The file now contains a set of directives that will run a NVT simultation to heat the system to 300K followed by an NPT simulation to equilibrate the density and then a protocol that will slowly release the restraint on the solute molecule in the NPT ensemble. Note however, how we have not specified any kind of morphing. It is often useful to not have the morph and equilibration happen in one go, because often you want to run the equilibrations individually in parallel on a cluster and then when completed actually run the morphing. 

In [None]:
# Insert code to run the equilibration 



With the equilibration successfully run, we can now run the morphing. You should notice that there is no `_perturbations` directory that was cretated by FESetup. 

In [None]:
ls

This step will be very quick. For this purpose we have a `morph.in` file again. Have a look at it.
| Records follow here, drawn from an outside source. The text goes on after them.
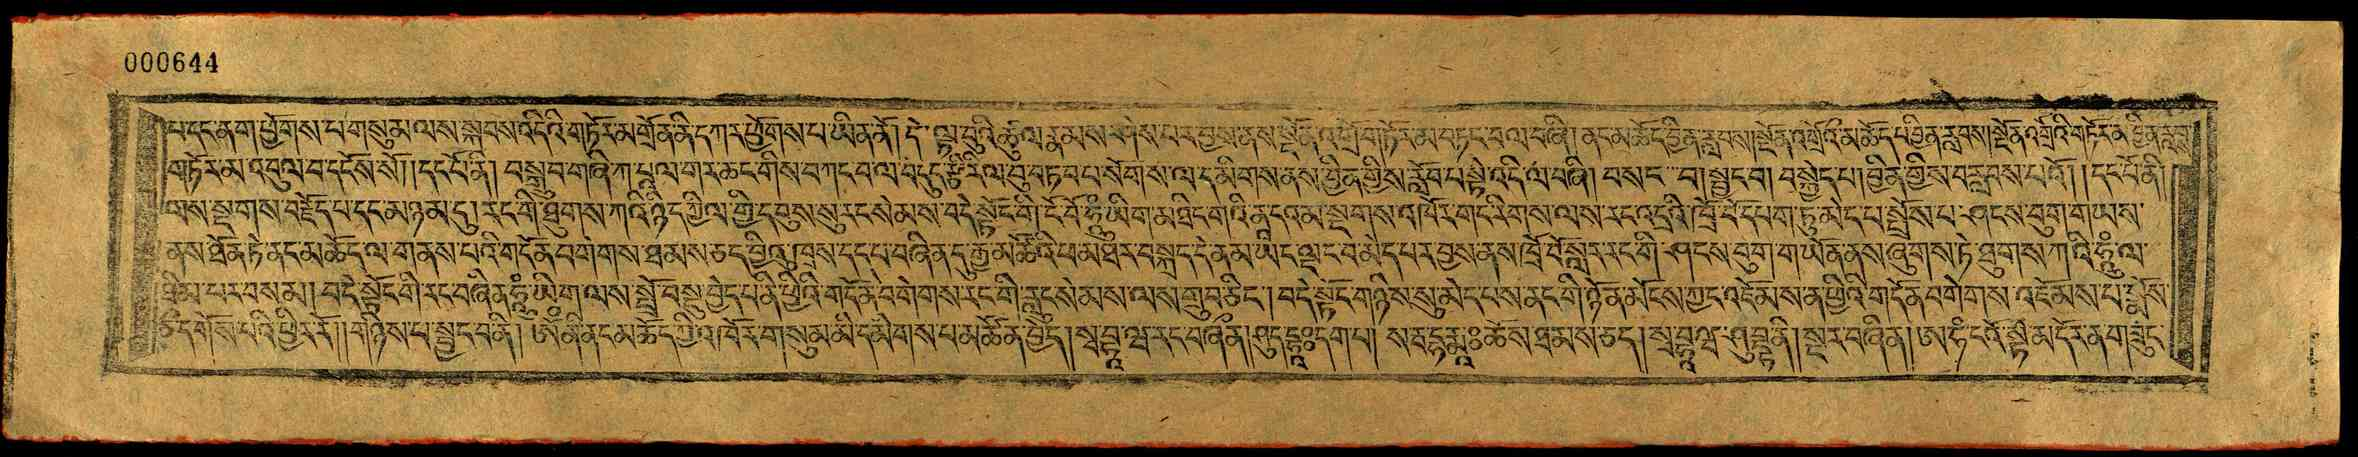པ་དང་ནག་ཕྱོགས་པ་གསུམ་ལས་སྐབས་འདིའི་གཏོར་མགྲོན་ནི་དཀར་ཕྱོགས་པ་ཡིན་ནོ། །དེ་ལྟ་བུའི་ཚུལ་རྣམས་ཤེས་པར་བྱས་ནས་སྔོན་འགྲོ་གཏོར་མ་བཏང་བ་ལ་བཞི། ནང་མཆོད་བྱིན་རླབས། སྔོན་འགྲོའི་མཆོད་པ་བྱིན་རླབས། སྔོན་འགྲོའི་གཏོར་མ་བྱིན་རླབས།
གཏོར་མ་འབུལ་བ་དངོས་སོ། །དང་པོ་ནི། བསྒྲུབ་གཞི་ཀ་པཱ་ལ་གར་ཆང་གིས་བཀང་བ་ལ་བདུད་རྩི་རིལ་བུ་བཏབ་པ་སོགས་ལ་དམིགས་ནས་བྱིན་གྱིས་རློབ་པ་སྟེ་འདི་ལ་བཞི། བསང་བ། སྦྱང་བ། བསྐྱེད་པ། བྱིན་གྱིས་བརླབས་པའོ། །དང་པོ་ནི།
ལས་སྔགས་བརྗོད་པ་དང་མཉམ་དུ། རང་གི་ཐུགས་ཀའི་ཉི་དཀྱིལ་གྱི་དབུས་སུ་རང་སེམས་བདེ་སྟོང་གི་ངོ་བོ་ཧཱུཾ་ཡིག་མཐིང་གའི་ནཱ་ད་འམ་སྔགས་འཁོར་གང་རིགས་ལས་རང་འདྲའི་ཁྲོ་བོ་དཔག་ཏུ་མེད་པ་སྤྲོས་པ་ཤངས་བུག་གཡས་
ནས་ཐོན་ཏེ་ནང་མཆོད་ལ་གནས་པའི་གདོན་བགེགས་ཐམས་ཅད་བྱིའུ་ཁྲས་དེད་པ་བཞིན་དུ་རྒྱ་མཚོའི་ཕ་མཐར་བསྐྲད་དེ་ནམ་ཡང་ལྡང་བ་མེད་པར་བྱས་ནས་ཁྲོ་བོ་སླར་རང་གི་ཤངས་བུག་གཡོན་ནས་ཞུགས་ཏེ་ཐུགས་ཀའི་ཧཱུཾ་ལ་
ཐིམ་པར་བསམ། བདེ་སྟོང་གི་རང་བཞིན་ཧཱུཾ་ཡིག་ལས་སྤྲོ་བསྡུ་བྱེད་པ་ནི་ཕྱིའི་གདོན་བགེགས་རང་གི་རླུང་སེམས་ལས་གྲུབ་ཅིང་། བདེ་སྟོང་གཉིས་སུ་མེད་པས་ནང་གི་ཉོན་མོངས་ཀྱང་འཇོམས་ན་ཕྱིའི་གདོན་བགེགས་འཇོམས་པ་སྨོས་
ཅི་དགོས་པའི་ཕྱིར་རོ། །གཉིས་པ་སྦྱང་བ་ནི། ཨོཾ་ནི་ནང་མཆོད་ཀྱི་འཁོར་གསུམ་མི་དམིགས་པ་མཚོན་བྱེད། སྭ་བྷཱ་ཝ་རང་བཞིན། ཤུད་དྷཱཿ དག་པ། སྲྦ་དྷརྨཱཿ ཆོས་ཐམས་ཅད། སྭ་བྷཱ་ཝ་ཤུ་དྡྷ་ནི། སྔར་བཞིན། ཨ་ཧཾ་ངའོ་སྟེ་མདོར་ན་གཟུང་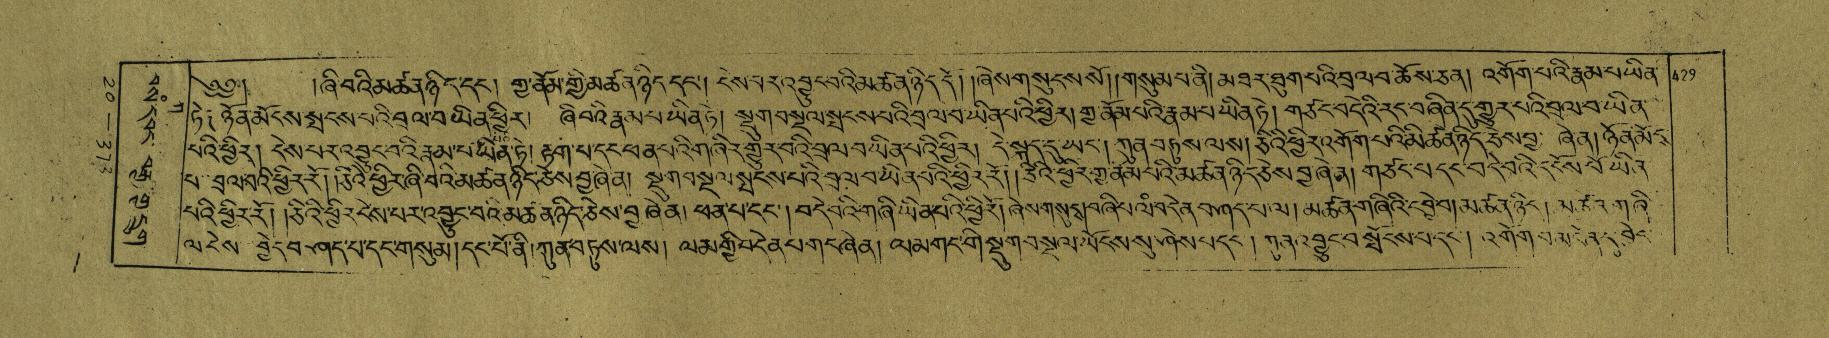༄༅། །ཞི་བའི་མཚན་ཉིད་དང་། གྱ་ནོམ་གྱི་མཚན་ཉིད་དང་། ངེས་པར་འབྱུང་བའི་མཚན་ཉིད་དོ། །ཞེས་གསུངས་སོ། །གསུམ་པ་ནི། མཐར་ཐུག་པའི་བྲལ་བ་ཆོས་ཅན། འགོག་པའི་རྣམ་པ་ཡིན་
ཏེ༑ ཉོན་མོངས་སྤངས་པའི་བྲལ་བ་ཡིན་པའི་ཕྱིར། ཞི་བའི་རྣམ་པ་ཡིན་ཏེ། སྡུག་བསྔལ་སྤངས་པའི་བྲལ་བ་ཡིན་པའི་ཕྱིར། གྱ་ནོམ་པའི་རྣམ་པ་ཡིན་ཏེ། གཙང་བདེའི་རང་བཞིན་དུ་གྱུར་པའི་བྲལ་བ་ཡིན་
པའི་ཕྱིར། ངེས་པར་འབྱུང་བའི་རྣམ་པ་ཡིན་ཏེ། རྟག་པ་དང་ཕན་པའི་གཞིར་གྱུར་བའི་བྲལ་བ་ཡིན་པའི་ཕྱིར། དེ་སྐད་དུ་ཡང་། ཀུན་བཏུས་ལས། ཅིའི་ཕྱིར་འགོག་པའི་མིཚན་ཉིད་ཅེས་བྱ་ཞེ་ན། ཉོན་མོངས་
པ་བྲལ་བའི་ཕྱིར་རོ། །ཅིའི་ཕྱིར་ཞི་བའི་མཚན་ཉིད་ཅེས་བྱ་ཞེ་ན། སྡུག་བསྔལ་སྤངས་པའི་བྲལ་བ་ཡིན་པའི་ཕྱིར་རོ། །ཅིའི་ཕྱིར་གྱ་ནོམ་པའི་མཚན་ཉིད་ཅེས་བྱ་ཞེ་ན། གཙང་པ་དང་བདེ་བའི་དངོས་པོ་ཡིན་
པའི་ཕྱིར་རོ། །ཅིའི་ཕྱིར་ངེས་པར་འབྱུང་བའི་མཚན་ཉིད་ཅེས་བྱ་ཞེ་ན། ཕན་པ་དང་། བདེ་བའི་གཞི་ཡིན་པའི་ཕྱིརོ། ཞེས་གསུངས། བཞི་པ་ལཾ་བདེན་བཤད་པ་ལ། མཚན་གཞིའི་དབྱེ་བ། མཚན་ཉིད། མཚན་གཞི་
ལ་ངེས་བྱེད་བཤད་པ་དང་གསུམ། དང་པོ་ནི། ཀུན་བཏུས་ལས། ལམ་གྱི་བདེན་པ་གང་ཞེ་ན། ལམ་གང་གི་སྡུག་བསྔལ་ཡོངས་སུ་ཤེས་པ་དང་། ཀུན་འབྱུང་བ་སྤོངས་པ་དང་། འགོག་བ་མངོན་དུ་བྱེད་

It is much shorter and mostly defines the type of simulation engine and the fact that we also want to morph the solution phase and not the vacuum phase as indicated by the `box.type = rectangular` and `box.length = 12.0` directives. 

In [None]:
# Insert the code to then run the morphing



Make sure that the pertruabtions were actually succesfully generated. 

In [None]:
ls _perturbations/sire

### Running simulation in vacuum
This bit may be cut out, if the server we are running on is too slow, so don't worry about this bit yet. 

Well done! You have now started running a short simulation with a free energy perturbation in vacuum, let's go and have a tea/coffe while we wait for this to finish!